Extended Huckel calculations give a barrier of 87 KJ mol^{−1} using a planar trimethylenemethane ligand. Introducing a puckered conformation to the trimethylenemethane ligand, which resembles the experimental geometry, leads to an increase in the calculated barrier to 98.6 kJ mol^{−1}. This puckering induces mixing of s character into e" orbitals, causing a more pronounced orientation toward the metal center. Consequently, the overlap between e" and 2e orbitals is enhanced. The degree of puckering, characterized by θ, falls within the range of 12°. The mixing of s character into e" also results in the H-C-H plane being tipped away from the metal.

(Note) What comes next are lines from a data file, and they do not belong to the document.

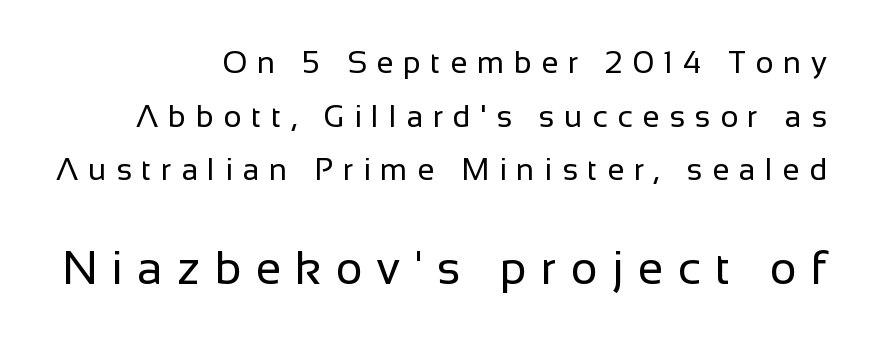
The image shows 46 px regular-weight sans-serif type, upright; set right-aligned, line spacing 1.73x, unusually wide letter spacing (+0.31 em), not underlined; the second (bottom) block is 1.48x larger; low stroke contrast and a medium x-height.
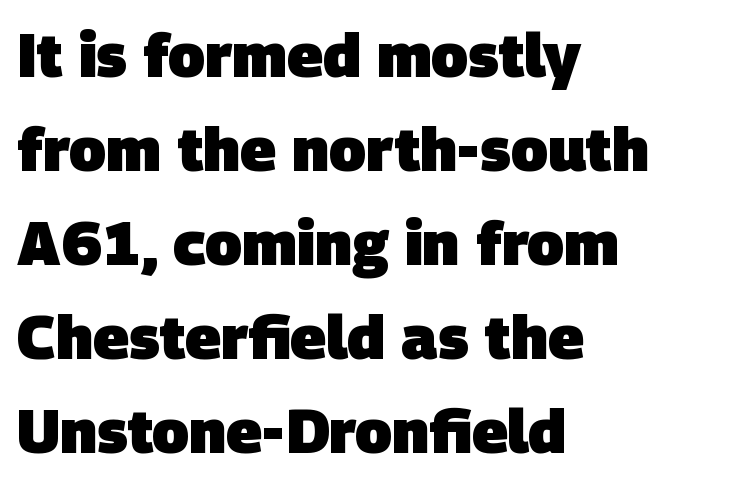
Q: Is the text bold? A: Yes.
Q: Is the typeface a serif or a sans-serif typeface? A: Sans-serif.
Q: Is the text underlined? A: No.
Q: How is the paragraph aligned? A: Left-aligned.
Q: Is the spacing between letters normal or unusually wide? A: Normal.
Q: Is the spacing between lines tight, normal or loose? A: Normal.
Q: Width (condensed, normal, or wide)? A: Normal.
Q: Stroke contrast? A: Low.
Q: x-height? A: Large.
Q: Monospaced? A: No.
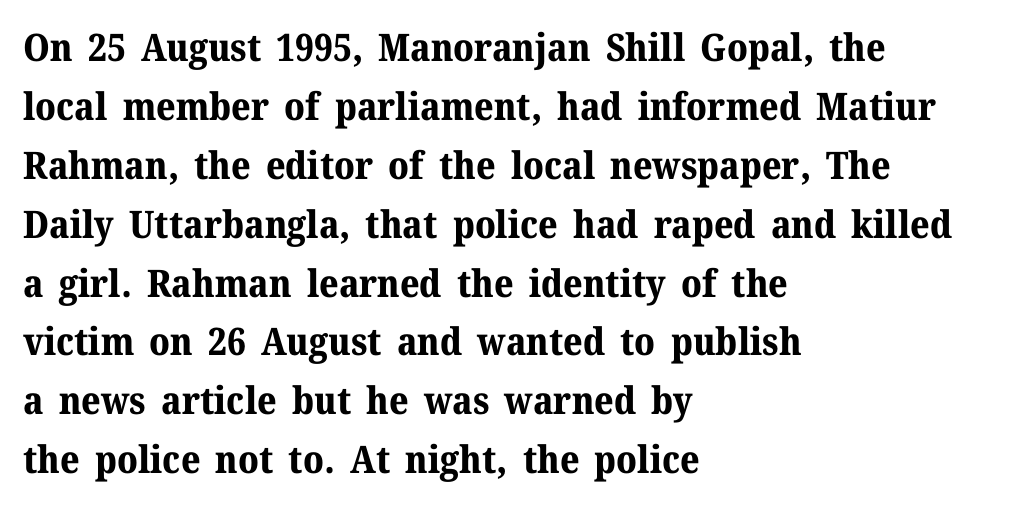
Q: Is the text bold? A: Yes.
Q: Is the text italic (slanted)? A: No, it is upright.
Q: Is the typeface a serif or a sans-serif typeface? A: Serif.
Q: Is the text underlined? A: No.
Q: How is the paragraph aligned? A: Left-aligned.
Q: Is the spacing between letters normal or unusually wide? A: Normal.
Q: Is the spacing between lines tight, normal or loose? A: Normal.
Q: Width (condensed, normal, or wide)? A: Normal.
Q: Stroke contrast? A: Medium.
Q: x-height? A: Medium.
Q: Monospaced? A: No.
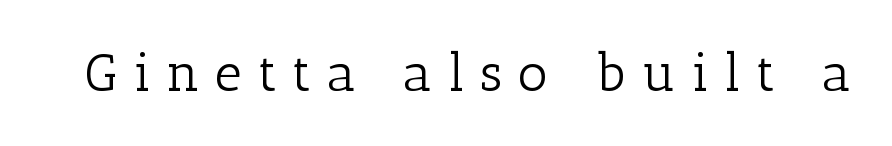
The image shows 53 px light serif type, upright; set unusually wide letter spacing (+0.3 em), not underlined; low stroke contrast and a medium x-height.
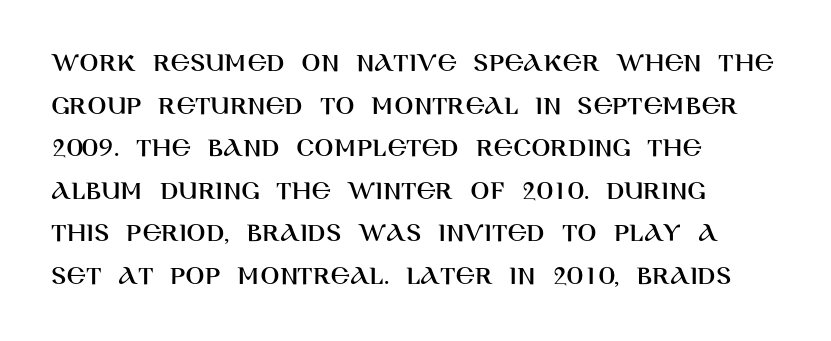
The image shows 28 px sans-serif type, upright; set left-aligned, normal line spacing (1.52x), normal letter spacing, not underlined; high stroke contrast and a large x-height.
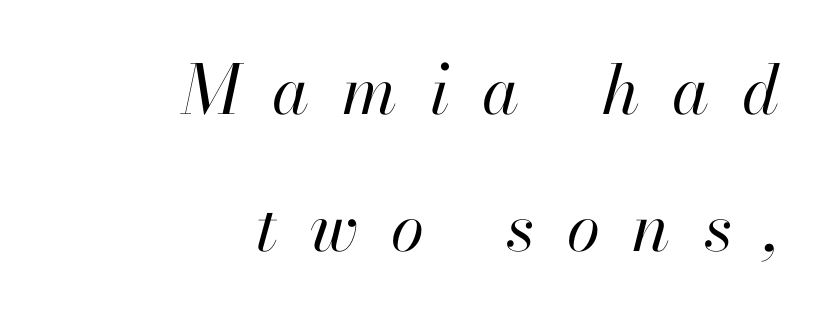
{"italic": "yes", "lean": "right", "slant_degrees": 13, "bold": "no", "weight": "regular", "width": "normal", "stroke_contrast": "high", "x_height": "small", "monospaced": "no", "underline": "no", "align": "right", "line_spacing": "loose", "line_spacing_ratio": 2.02, "letter_spacing": "wide", "letter_spacing_em": 0.48, "glyph_px": 68}
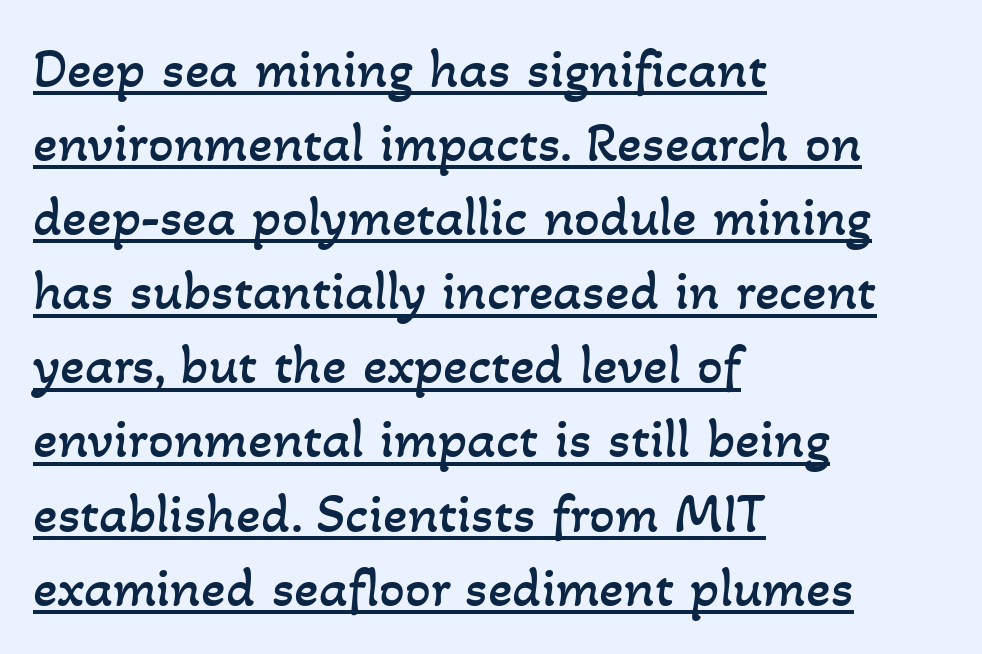
The vertical gap from one line to the next is medium. Leftover space on each line is placed entirely after the last word. The passage shown is underscored from start to finish. This sample uses plain, unmodified letter spacing.
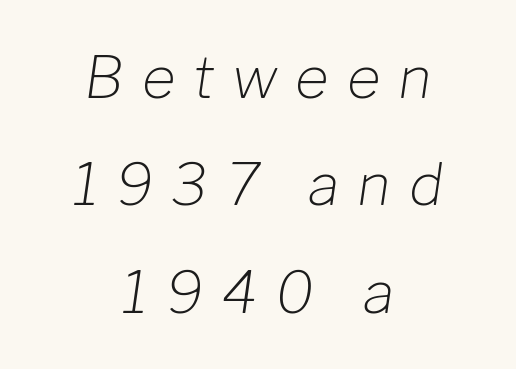
{"italic": "yes", "lean": "right", "slant_degrees": 8, "bold": "no", "weight": "light", "width": "normal", "stroke_contrast": "low", "x_height": "medium", "monospaced": "no", "underline": "no", "align": "center", "line_spacing_ratio": 1.85, "letter_spacing": "wide", "letter_spacing_em": 0.31, "glyph_px": 58}
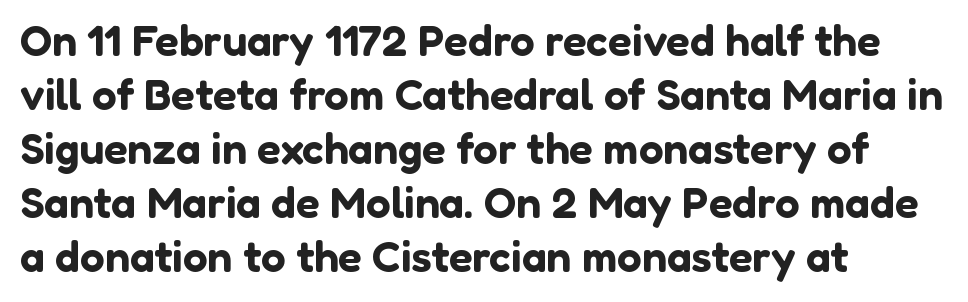
Q: Is the text italic (slanted)? A: No, it is upright.
Q: Is the typeface a serif or a sans-serif typeface? A: Sans-serif.
Q: Is the text underlined? A: No.
Q: How is the paragraph aligned? A: Left-aligned.
Q: Is the spacing between letters normal or unusually wide? A: Normal.
Q: Width (condensed, normal, or wide)? A: Normal.
Q: Stroke contrast? A: Low.
Q: x-height? A: Medium.
Q: Monospaced? A: No.

The angle β, between C-1 and C-2 and the plane H-C-H, is typically about 15°.

== Reactions==
Trimethylenemethane complexes undergo a wide variety of reactions including those with electrophiles, nucleophiles as well as redox reactions.

η^{4}-C(CH2)3]Fe(CO)3 adds hydrogen chloride to yield η^{3}-CH3C(CH2)]Fe(CO)3. Substituted trimethylenemethane iron complexes, on the other hand, react with strong acids to produce cross-conjugated dienyl iron cations and η^{4}-diene complexes. η^{4}-C(CH2)3]Mo(CO)2(C5H5)+ add nucleophiles to give charge-neutral η^{3}-allyl complexes.

η^{4}-[C(CH2)3]Fe(PR3)3 (PR_{3} = PMe_{3} or PMe_{2}Ph) is oxidized by silver trifluoromethanesulfonate to give the 17-electron cation.